What you need to do:
Only the pictures are to be omitted; every entry beneath should otherwise be duplicated exactly.

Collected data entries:
****

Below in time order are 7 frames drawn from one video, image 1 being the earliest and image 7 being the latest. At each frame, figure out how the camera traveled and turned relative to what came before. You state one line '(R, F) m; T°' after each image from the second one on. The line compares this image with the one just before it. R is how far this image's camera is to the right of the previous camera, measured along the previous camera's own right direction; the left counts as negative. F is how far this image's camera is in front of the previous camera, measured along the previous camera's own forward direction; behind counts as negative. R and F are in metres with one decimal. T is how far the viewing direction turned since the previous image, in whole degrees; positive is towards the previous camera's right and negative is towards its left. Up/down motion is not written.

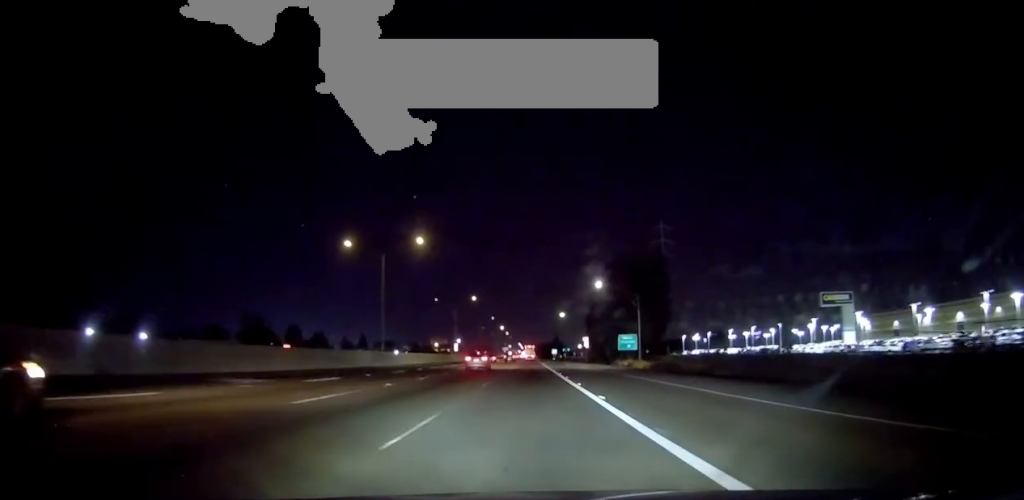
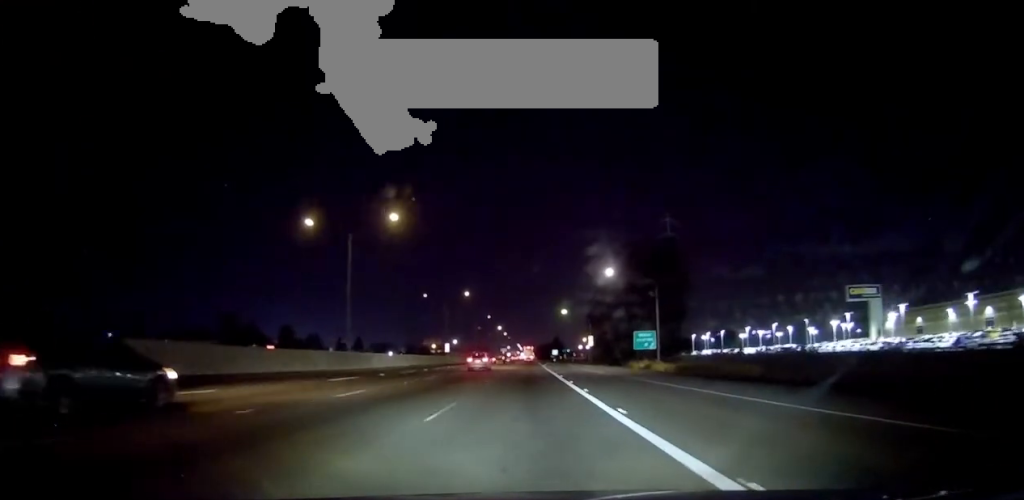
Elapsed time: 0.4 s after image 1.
(-0.1, +11.4) m; 0°
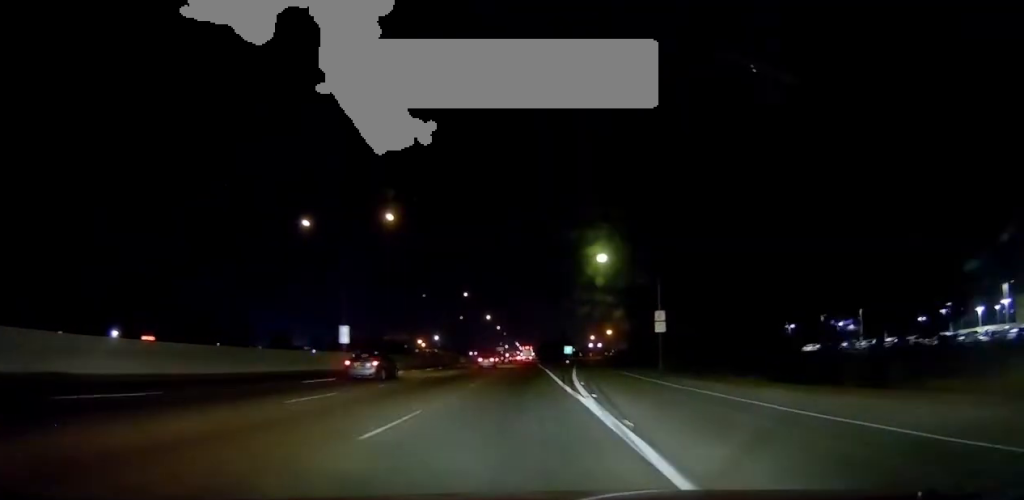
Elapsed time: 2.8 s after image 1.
(-0.8, +60.8) m; -2°
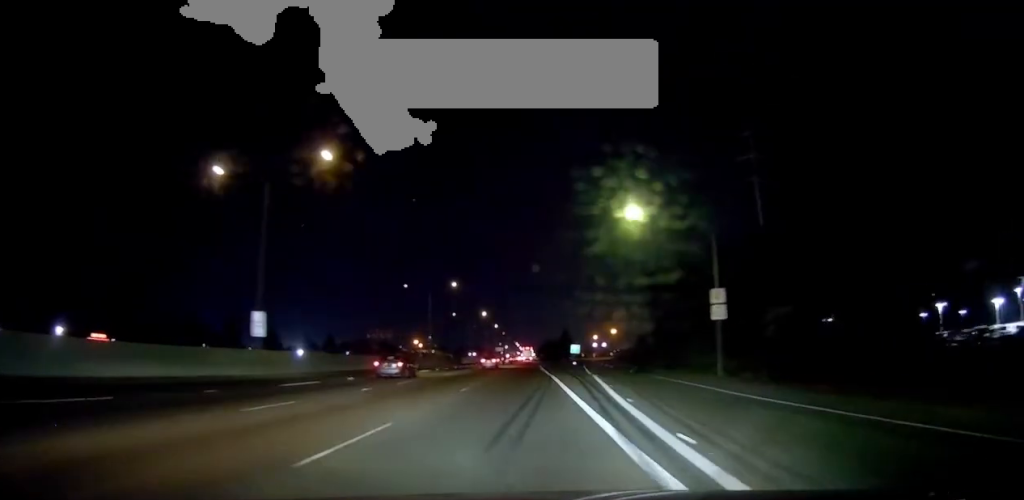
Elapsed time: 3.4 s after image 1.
(-0.5, +16.4) m; +1°
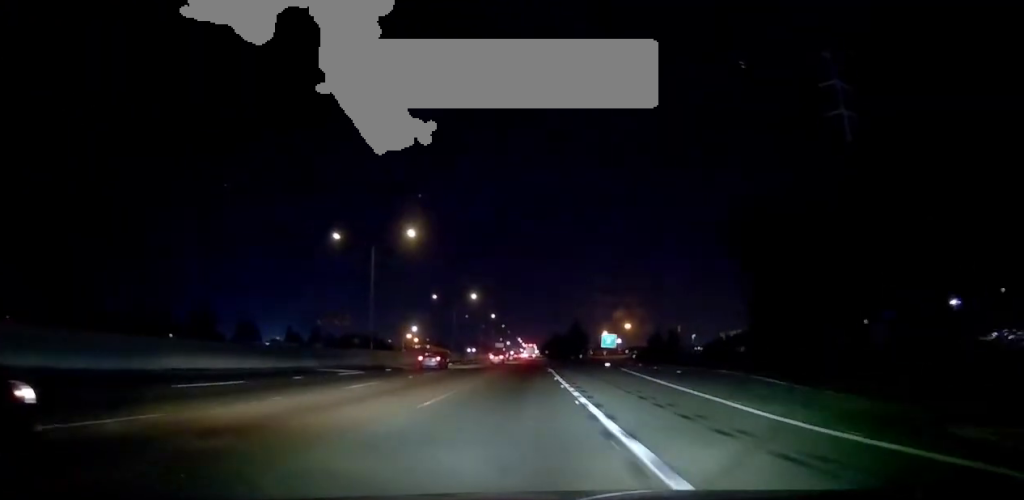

****

Task response:
Below in time order are 7 frames drawn from one video, image 1 being the earliest and image 7 being the latest. At each frame, figure out how the camera traveled and turned relative to what came before. You state one line '(R, F) m; T°' after each image from the second one on. The line compares this image with the one just before it. R is how far this image's camera is to the right of the previous camera, measured along the previous camera's own right direction; the left counts as negative. F is how far this image's camera is in front of the previous camera, measured along the previous camera's own forward direction; behind counts as negative. R and F are in metres with one decimal. T is how far the viewing direction turned since the previous image, in whole degrees; positive is towards the previous camera's right and negative is towards its left. Up/down motion is not written.

Elapsed time: 0.4 s after image 1.
(-0.1, +11.4) m; 0°
Elapsed time: 2.8 s after image 1.
(-0.8, +60.8) m; -2°
Elapsed time: 3.4 s after image 1.
(-0.5, +16.4) m; +1°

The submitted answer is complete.